In [16]:
import pickle
import numpy as np

## Importing Data

### TF-IDF

In [17]:
with open('../DATA/tfidf_data.pkl', 'rb') as f:
    data = pickle.load(f)

X_train_tfidf = data['X_train']
X_test_tfidf = data['X_test']
y_train_tfidf = data['y_train']
y_test_tfidf = data['y_test']
vectorizer_tfidf = data['vectorizer']

### Count Vectorizer

In [18]:
with open('../DATA/count_data.pkl', 'rb') as f:
    data = pickle.load(f)

X_train_count = data['X_train']
X_test_count = data['X_test']
y_train_count = data['y_train']
y_test_count = data['y_test']
vectorizer_count = data['vectorizer']

### Train Models

In [19]:
print("X_train_tfidf shape:", X_train_tfidf.shape)
print("y_train_tfidf shape:", y_train_tfidf.shape)

print("X_test_tfidf shape:", X_test_tfidf.shape)
print("y_test_tfidf shape:", y_test_tfidf.shape)

print("\nX_train_count shape:", X_train_count.shape)
print("y_train_count shape:", y_train_count.shape)

print("X_test_count shape:", X_test_count.shape)
print("y_test_count shape:", y_test_count.shape)

X_train_tfidf shape: (127656, 5000)
y_train_tfidf shape: (127656, 6)
X_test_tfidf shape: (31915, 5000)
y_test_tfidf shape: (31915, 6)

X_train_count shape: (127656, 5000)
y_train_count shape: (127656, 6)
X_test_count shape: (31915, 5000)
y_test_count shape: (31915, 6)


In [26]:
from sklearn.linear_model import Perceptron
import numpy as np

# Toxic-only binary labels
y_train_toxic_tfidf = y_train_tfidf[:, 0].astype(int)
y_test_toxic_tfidf = y_test_tfidf[:, 0].astype(int)

y_train_toxic_count = y_train_count[:, 0].astype(int)
y_test_toxic_count = y_test_count[:, 0].astype(int)

# Training perceptrons
tfidf_perceptron = Perceptron()
tfidf_perceptron.fit(X_train_tfidf, y_train_toxic_tfidf)

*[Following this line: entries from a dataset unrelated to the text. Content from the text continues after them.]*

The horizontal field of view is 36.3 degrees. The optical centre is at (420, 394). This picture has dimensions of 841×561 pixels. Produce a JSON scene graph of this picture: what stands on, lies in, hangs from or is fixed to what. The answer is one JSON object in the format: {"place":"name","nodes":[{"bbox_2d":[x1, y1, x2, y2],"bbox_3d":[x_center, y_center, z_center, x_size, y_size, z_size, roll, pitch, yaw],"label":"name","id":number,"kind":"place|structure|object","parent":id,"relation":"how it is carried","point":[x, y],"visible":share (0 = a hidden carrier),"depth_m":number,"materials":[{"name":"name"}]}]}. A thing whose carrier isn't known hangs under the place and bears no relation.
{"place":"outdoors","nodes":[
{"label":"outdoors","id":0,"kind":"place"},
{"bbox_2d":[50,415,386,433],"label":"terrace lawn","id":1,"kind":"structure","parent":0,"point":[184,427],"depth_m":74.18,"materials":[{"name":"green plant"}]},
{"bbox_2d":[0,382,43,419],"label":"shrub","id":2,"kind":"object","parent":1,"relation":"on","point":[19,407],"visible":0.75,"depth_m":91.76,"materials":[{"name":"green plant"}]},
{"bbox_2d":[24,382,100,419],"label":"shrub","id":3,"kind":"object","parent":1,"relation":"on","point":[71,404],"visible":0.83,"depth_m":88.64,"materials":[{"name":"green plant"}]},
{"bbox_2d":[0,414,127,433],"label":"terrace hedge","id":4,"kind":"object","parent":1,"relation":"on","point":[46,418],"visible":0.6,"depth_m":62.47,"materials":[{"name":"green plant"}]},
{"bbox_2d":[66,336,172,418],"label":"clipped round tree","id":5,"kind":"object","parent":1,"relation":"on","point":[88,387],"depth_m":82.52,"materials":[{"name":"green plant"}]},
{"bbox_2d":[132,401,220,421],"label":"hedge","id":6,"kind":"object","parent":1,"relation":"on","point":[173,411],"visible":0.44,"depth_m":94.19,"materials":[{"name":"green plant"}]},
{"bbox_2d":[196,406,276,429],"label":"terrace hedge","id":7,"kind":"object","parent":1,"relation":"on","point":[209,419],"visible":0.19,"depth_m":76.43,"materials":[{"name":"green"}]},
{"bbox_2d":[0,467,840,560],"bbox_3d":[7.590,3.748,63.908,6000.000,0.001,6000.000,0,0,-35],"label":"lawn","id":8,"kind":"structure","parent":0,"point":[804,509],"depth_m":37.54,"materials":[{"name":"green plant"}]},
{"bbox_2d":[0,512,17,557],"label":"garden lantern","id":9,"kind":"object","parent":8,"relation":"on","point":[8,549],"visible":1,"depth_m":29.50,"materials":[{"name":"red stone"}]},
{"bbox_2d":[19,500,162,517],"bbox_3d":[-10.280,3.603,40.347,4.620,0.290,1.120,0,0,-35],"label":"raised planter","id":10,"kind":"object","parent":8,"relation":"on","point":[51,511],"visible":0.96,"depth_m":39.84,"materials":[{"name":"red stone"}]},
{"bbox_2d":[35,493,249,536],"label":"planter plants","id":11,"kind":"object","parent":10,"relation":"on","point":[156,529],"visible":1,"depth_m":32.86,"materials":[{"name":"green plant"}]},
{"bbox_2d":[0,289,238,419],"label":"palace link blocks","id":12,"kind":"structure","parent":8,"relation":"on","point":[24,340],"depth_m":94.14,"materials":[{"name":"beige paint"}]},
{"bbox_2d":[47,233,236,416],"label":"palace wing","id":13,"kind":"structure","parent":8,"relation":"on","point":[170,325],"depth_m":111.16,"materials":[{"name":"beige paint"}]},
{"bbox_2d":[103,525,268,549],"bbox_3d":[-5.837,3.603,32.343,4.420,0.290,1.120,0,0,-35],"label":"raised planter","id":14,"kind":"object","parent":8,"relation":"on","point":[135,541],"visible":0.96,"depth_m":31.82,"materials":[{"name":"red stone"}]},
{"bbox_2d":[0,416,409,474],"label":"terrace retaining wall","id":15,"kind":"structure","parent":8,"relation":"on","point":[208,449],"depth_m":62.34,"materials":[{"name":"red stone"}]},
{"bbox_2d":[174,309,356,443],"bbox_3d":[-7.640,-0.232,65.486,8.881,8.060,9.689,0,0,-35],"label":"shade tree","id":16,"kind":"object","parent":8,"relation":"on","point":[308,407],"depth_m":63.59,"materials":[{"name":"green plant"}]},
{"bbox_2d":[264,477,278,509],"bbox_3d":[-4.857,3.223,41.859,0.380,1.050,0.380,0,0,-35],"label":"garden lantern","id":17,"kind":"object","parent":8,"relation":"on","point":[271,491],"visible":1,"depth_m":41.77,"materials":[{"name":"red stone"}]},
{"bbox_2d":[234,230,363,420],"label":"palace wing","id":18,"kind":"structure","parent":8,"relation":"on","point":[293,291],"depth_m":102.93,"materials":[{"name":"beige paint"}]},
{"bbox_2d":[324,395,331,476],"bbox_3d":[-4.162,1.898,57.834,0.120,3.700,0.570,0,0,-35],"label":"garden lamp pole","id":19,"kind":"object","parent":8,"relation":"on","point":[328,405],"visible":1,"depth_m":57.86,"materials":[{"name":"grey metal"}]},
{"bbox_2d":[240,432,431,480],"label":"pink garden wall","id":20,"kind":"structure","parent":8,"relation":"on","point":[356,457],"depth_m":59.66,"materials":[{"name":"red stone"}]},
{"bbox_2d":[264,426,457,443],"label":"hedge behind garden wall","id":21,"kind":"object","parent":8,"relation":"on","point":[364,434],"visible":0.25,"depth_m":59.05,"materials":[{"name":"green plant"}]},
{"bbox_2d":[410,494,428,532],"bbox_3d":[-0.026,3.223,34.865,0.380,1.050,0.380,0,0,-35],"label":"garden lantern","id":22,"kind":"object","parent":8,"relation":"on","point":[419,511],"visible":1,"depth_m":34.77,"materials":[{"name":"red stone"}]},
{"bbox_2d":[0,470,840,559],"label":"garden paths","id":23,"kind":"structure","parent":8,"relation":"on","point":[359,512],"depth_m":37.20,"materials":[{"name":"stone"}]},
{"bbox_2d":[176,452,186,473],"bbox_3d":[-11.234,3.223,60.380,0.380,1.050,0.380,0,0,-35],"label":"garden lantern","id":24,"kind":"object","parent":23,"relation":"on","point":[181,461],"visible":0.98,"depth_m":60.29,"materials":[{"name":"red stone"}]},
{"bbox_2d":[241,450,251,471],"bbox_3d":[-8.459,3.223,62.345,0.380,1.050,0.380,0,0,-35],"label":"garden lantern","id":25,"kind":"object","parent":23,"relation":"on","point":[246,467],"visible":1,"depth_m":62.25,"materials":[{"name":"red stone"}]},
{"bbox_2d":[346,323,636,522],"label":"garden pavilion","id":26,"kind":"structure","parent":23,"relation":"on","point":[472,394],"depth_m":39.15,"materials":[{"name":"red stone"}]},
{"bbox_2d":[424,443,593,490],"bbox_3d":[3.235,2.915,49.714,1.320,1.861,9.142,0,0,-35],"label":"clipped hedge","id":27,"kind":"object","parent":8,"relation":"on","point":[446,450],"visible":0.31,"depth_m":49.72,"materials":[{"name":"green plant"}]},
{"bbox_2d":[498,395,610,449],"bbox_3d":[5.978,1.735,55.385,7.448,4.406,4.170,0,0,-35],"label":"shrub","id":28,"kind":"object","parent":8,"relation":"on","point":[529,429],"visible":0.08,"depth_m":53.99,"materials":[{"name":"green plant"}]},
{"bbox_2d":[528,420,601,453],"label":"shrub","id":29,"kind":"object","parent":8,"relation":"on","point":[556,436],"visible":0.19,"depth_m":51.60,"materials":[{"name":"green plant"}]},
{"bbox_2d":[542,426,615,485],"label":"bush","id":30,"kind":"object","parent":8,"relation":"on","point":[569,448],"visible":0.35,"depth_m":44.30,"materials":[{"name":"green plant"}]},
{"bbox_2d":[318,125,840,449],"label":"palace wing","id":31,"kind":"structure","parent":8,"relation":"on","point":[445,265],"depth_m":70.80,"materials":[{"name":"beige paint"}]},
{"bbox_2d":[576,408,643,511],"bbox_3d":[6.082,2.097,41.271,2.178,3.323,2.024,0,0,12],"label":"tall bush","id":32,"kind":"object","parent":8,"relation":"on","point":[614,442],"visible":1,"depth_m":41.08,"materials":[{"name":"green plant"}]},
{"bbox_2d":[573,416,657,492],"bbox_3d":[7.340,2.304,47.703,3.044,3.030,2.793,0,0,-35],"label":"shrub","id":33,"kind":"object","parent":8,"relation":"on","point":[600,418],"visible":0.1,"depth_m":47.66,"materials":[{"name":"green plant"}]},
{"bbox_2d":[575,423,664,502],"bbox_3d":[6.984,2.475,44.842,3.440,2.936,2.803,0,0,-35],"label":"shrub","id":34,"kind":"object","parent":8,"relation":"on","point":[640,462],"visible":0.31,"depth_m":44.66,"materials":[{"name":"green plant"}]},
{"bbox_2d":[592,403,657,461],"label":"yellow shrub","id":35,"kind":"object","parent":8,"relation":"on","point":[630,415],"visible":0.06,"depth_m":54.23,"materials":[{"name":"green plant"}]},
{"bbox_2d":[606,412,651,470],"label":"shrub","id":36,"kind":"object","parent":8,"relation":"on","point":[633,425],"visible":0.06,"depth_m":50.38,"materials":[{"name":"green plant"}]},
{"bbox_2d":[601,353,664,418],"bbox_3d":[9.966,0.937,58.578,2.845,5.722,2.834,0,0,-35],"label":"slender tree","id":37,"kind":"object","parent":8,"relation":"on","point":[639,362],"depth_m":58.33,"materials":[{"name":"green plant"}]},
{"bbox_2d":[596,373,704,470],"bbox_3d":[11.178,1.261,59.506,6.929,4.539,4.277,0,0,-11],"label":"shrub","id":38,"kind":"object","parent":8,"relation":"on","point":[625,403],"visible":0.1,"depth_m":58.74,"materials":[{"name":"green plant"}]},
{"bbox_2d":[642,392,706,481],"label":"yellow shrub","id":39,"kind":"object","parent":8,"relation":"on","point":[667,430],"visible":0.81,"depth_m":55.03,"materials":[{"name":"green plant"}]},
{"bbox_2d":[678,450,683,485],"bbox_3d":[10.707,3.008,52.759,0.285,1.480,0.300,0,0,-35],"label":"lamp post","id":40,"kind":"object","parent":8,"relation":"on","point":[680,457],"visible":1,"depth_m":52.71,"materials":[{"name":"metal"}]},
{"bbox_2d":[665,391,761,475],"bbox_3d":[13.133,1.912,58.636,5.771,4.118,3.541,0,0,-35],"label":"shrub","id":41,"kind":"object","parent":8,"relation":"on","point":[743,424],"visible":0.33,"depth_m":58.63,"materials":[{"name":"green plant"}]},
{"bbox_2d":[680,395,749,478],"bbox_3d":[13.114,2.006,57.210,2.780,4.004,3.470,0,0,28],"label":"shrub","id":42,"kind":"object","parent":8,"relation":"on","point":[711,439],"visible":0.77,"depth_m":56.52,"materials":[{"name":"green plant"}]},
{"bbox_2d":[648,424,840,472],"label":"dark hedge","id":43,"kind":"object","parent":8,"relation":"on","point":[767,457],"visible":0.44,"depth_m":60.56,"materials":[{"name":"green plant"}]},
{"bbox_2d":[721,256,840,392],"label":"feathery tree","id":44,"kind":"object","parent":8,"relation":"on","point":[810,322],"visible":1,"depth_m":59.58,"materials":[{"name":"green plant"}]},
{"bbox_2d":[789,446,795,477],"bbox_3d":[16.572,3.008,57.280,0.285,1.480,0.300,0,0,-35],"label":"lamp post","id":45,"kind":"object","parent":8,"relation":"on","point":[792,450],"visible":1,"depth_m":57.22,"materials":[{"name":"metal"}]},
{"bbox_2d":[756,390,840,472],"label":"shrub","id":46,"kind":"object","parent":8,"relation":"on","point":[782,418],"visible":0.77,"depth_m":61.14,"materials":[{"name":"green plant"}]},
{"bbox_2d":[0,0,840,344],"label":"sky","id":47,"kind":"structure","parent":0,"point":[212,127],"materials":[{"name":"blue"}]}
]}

count_perceptron = Perceptron()
count_perceptron.fit(X_train_count, y_train_toxic_count)

print("Training completed.")

Training completed.


### Comparing Models

In [None]:
from sklearn.metrics import accuracy_score

tfidf_train_pred = tfidf_perceptron.predict(X_train_tfidf)
tfidf_test_pred = tfidf_perceptron.predict(X_test_tfidf)

count_train_pred = count_perceptron.predict(X_train_count)
count_test_pred = count_perceptron.predict(X_test_count)

print(f'TF-IDF Perceptron Training Accuracy: {accuracy_score(y_train_toxic_tfidf, tfidf_train_pred):.4f}')
print(f'TF-IDF Perceptron Testing Accuracy: {accuracy_score(y_test_toxic_tfidf, tfidf_test_pred):.4f}')
print(f'Count Vectorizer Perceptron Training Accuracy: {accuracy_score(y_train_toxic_count, count_train_pred):.4f}')
print(f'Count Vectorizer Perceptron Testing Accuracy: {accuracy_score(y_test_toxic_count, count_test_pred):.4f}')


# Will add more ways to compare the two models

TF-IDF Perceptron Training Accuracy: 0.9493
TF-IDF Perceptron Testing Accuracy: 0.9399
Count Vectorizer Perceptron Training Accuracy: 0.9442
Count Vectorizer Perceptron Testing Accuracy: 0.9350


### Evaluating Metrics

In [30]:
if accuracy_score(y_test_toxic_tfidf, tfidf_test_pred) > accuracy_score(y_test_toxic_count, count_test_pred):
    print('TF-IDF performed better on the test set.')
else:
    print('Count Vectorizer performed better on the test set.')

TF-IDF performed better on the test set.